TO DO: In the material below, find the line with "<!-- The Best" and the line with "2.168 4.844 4.844v313.95h245.93v-313.95c0-2.676", then output those two lines and every line between them, exactly.

=======

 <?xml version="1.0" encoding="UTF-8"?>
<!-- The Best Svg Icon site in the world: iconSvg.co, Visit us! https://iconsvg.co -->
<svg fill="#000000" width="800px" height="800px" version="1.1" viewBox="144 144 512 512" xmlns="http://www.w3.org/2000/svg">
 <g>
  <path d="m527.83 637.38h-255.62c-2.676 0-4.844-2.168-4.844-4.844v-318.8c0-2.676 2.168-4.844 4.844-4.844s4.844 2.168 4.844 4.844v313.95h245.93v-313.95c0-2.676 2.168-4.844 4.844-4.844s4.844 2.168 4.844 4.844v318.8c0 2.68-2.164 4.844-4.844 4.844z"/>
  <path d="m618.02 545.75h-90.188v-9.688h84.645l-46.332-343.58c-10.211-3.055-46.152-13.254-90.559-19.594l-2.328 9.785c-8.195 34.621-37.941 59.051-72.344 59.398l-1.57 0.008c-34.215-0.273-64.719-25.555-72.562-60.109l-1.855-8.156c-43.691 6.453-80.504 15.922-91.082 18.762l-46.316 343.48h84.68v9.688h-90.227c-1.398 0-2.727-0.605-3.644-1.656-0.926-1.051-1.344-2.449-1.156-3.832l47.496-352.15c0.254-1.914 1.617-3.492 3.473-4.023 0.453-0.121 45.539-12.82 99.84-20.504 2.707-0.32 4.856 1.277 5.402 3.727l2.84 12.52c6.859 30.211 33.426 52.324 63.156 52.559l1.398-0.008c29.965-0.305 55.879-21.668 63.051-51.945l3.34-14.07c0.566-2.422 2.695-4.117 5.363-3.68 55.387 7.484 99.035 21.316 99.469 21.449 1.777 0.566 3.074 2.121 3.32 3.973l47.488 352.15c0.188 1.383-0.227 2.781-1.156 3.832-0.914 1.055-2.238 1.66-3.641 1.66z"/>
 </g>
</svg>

=======

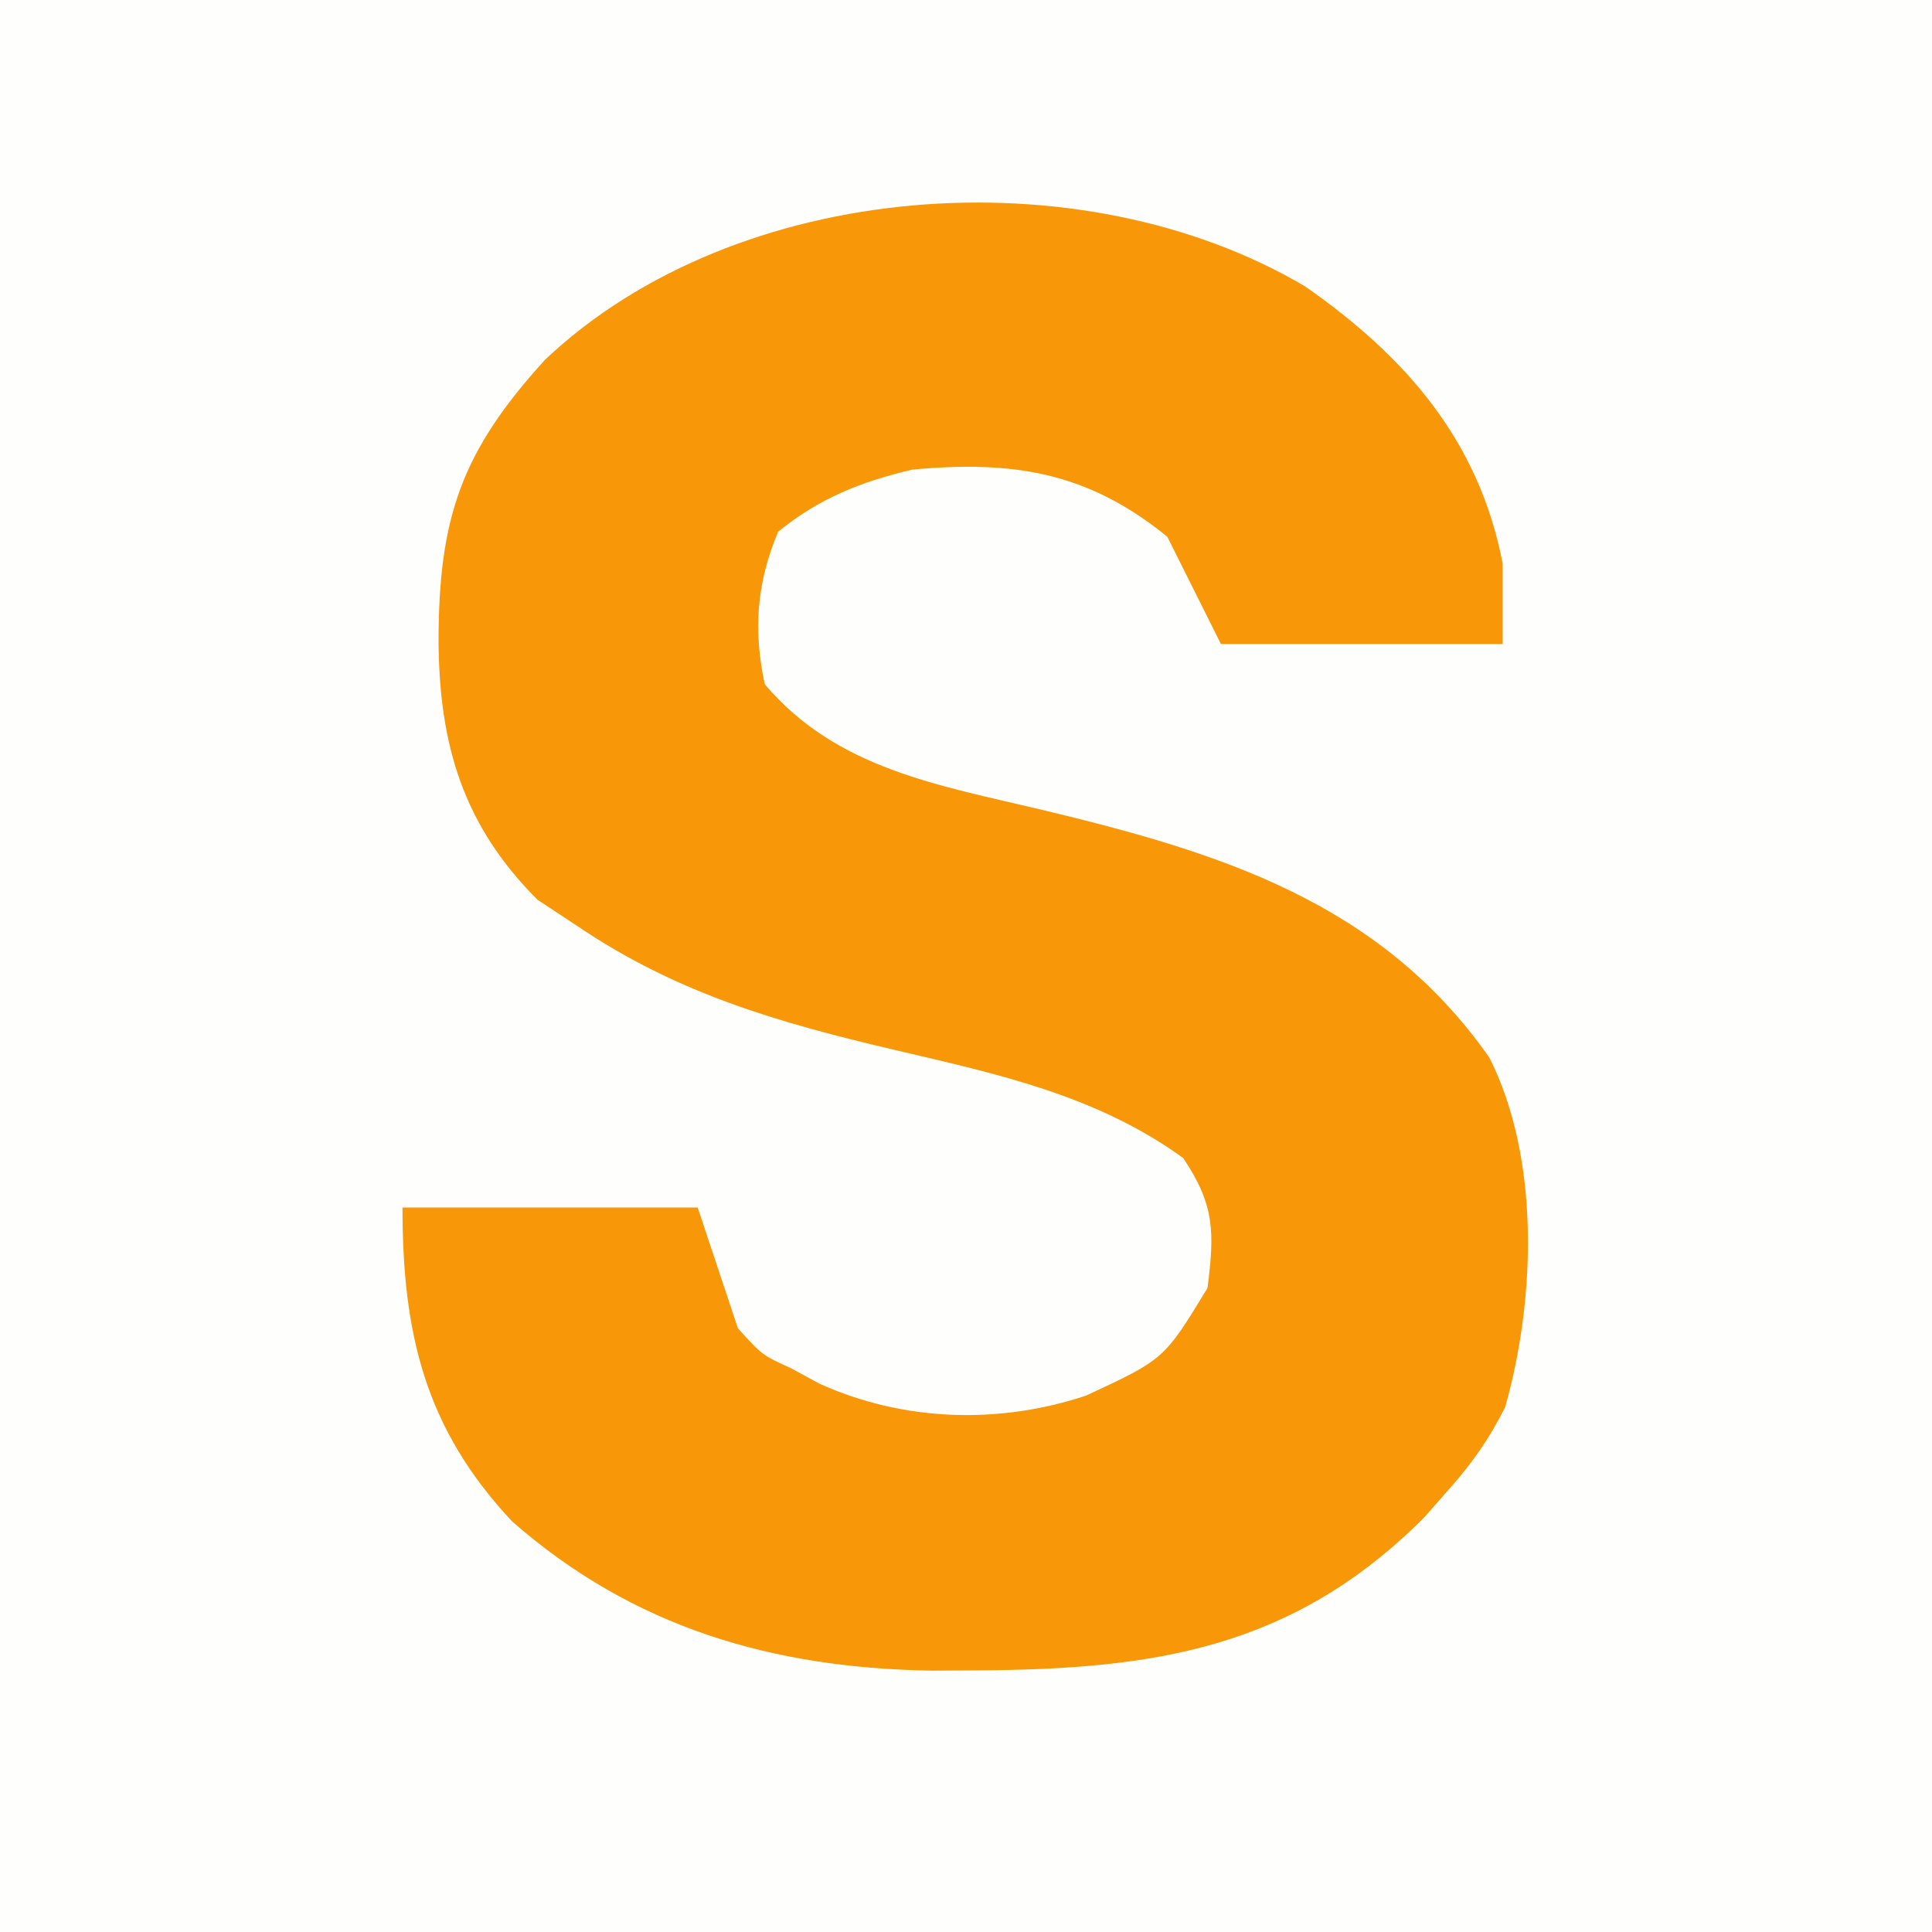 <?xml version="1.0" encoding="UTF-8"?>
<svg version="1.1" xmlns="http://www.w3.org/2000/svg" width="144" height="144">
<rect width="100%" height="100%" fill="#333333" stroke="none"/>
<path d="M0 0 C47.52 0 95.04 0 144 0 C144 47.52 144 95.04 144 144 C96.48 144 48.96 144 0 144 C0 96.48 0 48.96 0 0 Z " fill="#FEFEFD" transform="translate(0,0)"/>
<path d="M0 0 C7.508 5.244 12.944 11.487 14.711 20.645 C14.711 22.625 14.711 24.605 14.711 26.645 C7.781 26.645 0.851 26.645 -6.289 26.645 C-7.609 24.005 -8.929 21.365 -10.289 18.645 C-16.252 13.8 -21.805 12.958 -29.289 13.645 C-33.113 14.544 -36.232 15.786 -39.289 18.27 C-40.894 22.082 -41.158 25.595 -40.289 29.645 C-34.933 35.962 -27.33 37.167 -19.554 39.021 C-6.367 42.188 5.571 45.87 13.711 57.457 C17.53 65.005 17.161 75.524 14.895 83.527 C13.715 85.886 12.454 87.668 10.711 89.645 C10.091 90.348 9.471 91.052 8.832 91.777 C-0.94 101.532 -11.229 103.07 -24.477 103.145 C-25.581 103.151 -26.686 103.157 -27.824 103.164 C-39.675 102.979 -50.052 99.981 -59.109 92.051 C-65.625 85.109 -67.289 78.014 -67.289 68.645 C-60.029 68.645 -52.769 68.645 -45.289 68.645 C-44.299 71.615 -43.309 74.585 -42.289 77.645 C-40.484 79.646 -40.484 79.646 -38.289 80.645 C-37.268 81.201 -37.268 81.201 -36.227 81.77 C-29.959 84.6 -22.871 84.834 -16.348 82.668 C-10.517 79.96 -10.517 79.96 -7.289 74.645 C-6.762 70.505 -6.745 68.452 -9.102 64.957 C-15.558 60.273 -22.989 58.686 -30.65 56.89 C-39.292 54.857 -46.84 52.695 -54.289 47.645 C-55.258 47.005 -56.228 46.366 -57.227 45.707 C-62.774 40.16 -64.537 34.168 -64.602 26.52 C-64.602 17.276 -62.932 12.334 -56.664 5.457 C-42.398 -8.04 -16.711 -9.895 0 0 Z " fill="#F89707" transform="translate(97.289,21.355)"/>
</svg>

=======

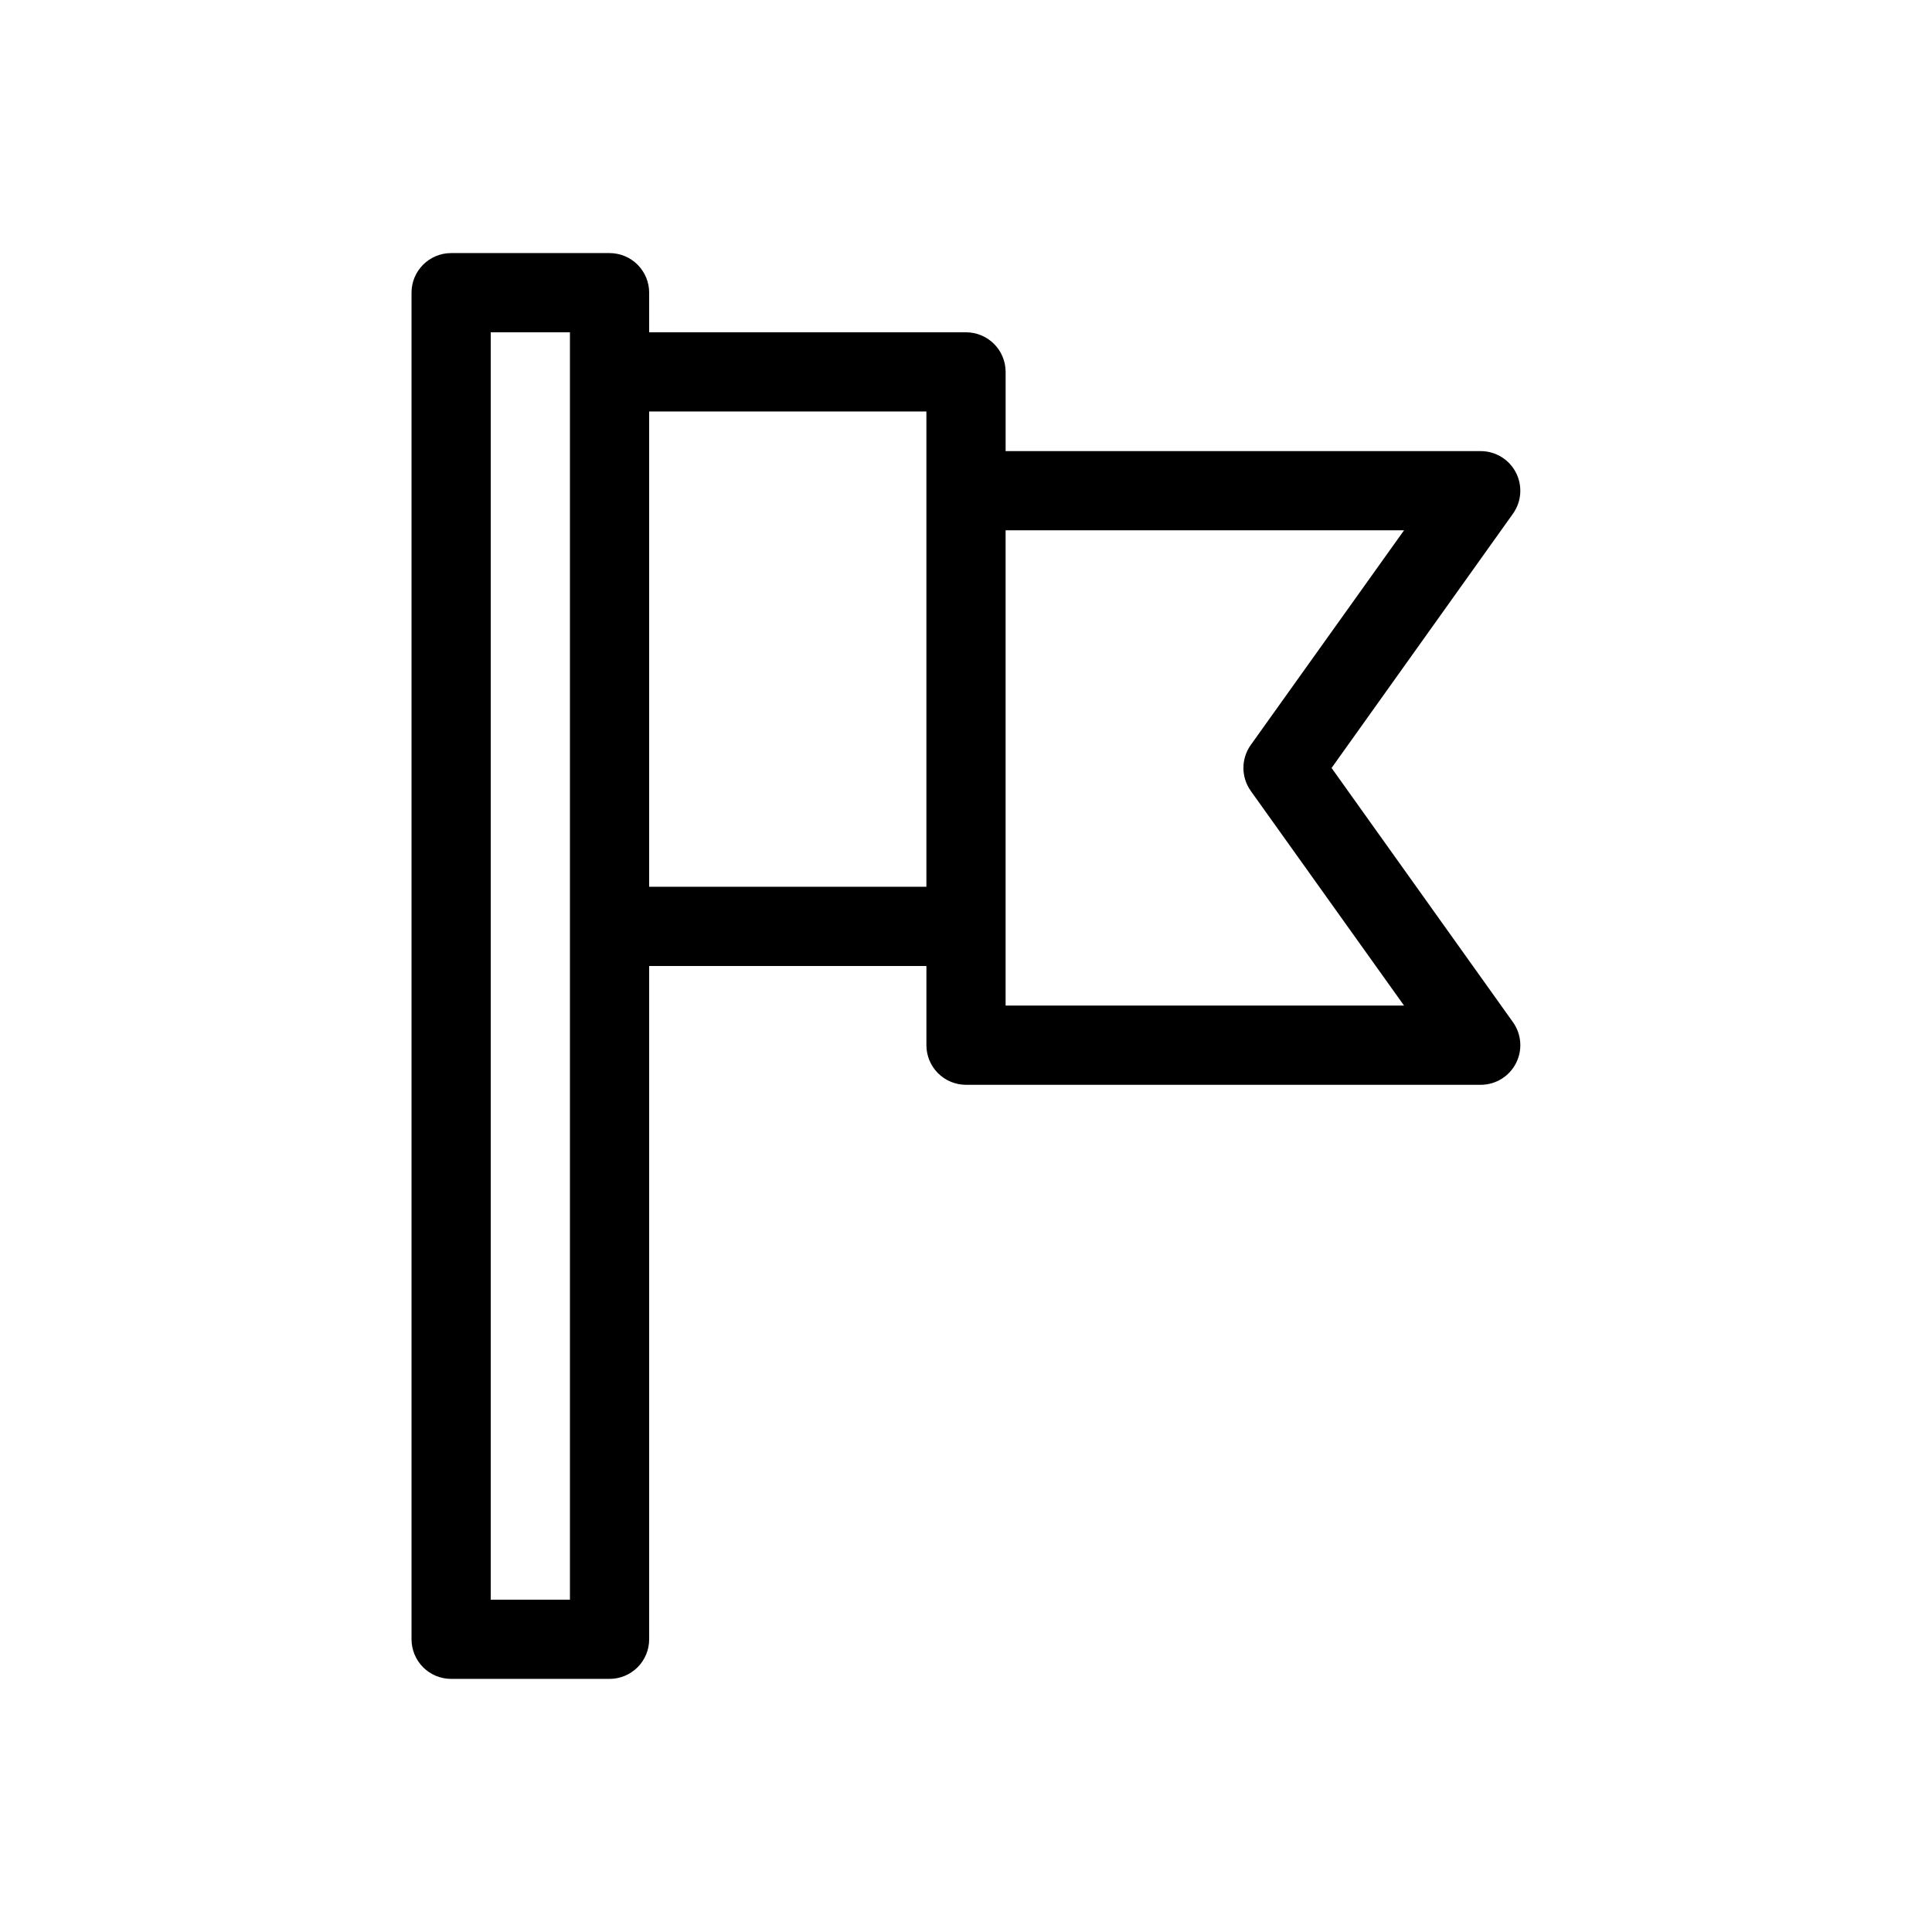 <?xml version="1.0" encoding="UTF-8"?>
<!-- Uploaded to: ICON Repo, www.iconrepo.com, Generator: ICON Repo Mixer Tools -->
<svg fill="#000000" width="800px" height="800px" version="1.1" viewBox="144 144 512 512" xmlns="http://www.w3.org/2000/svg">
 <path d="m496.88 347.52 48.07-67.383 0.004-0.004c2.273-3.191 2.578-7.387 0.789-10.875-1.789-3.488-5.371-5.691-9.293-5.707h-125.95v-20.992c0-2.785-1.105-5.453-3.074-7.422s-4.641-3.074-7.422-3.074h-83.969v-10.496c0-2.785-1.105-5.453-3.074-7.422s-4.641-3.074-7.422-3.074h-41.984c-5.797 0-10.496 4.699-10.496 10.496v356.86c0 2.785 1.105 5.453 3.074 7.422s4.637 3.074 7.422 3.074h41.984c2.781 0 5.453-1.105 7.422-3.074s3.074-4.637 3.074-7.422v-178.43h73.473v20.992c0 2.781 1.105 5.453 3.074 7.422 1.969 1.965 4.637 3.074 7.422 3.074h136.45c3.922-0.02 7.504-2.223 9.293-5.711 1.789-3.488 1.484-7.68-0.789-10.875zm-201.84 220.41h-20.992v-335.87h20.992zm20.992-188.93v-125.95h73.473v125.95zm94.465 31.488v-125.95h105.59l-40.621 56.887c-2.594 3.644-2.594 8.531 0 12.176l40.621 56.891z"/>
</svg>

=======

SOLUTION:
<!-- The Best Svg Icon site in the world: iconSvg.co, Visit us! https://iconsvg.co -->
<svg fill="#000000" width="800px" height="800px" version="1.1" viewBox="144 144 512 512" xmlns="http://www.w3.org/2000/svg">
 <g>
  <path d="m527.83 637.38h-255.62c-2.676 0-4.844-2.168-4.844-4.844v-318.8c0-2.676 2.168-4.844 4.844-4.844s4.844 2.168 4.844 4.844v313.95h245.93v-313.95c0-2.676 2.168-4.844 4.844-4.844s4.844 2.168 4.844 4.844v318.8c0 2.68-2.164 4.844-4.844 4.844z"/>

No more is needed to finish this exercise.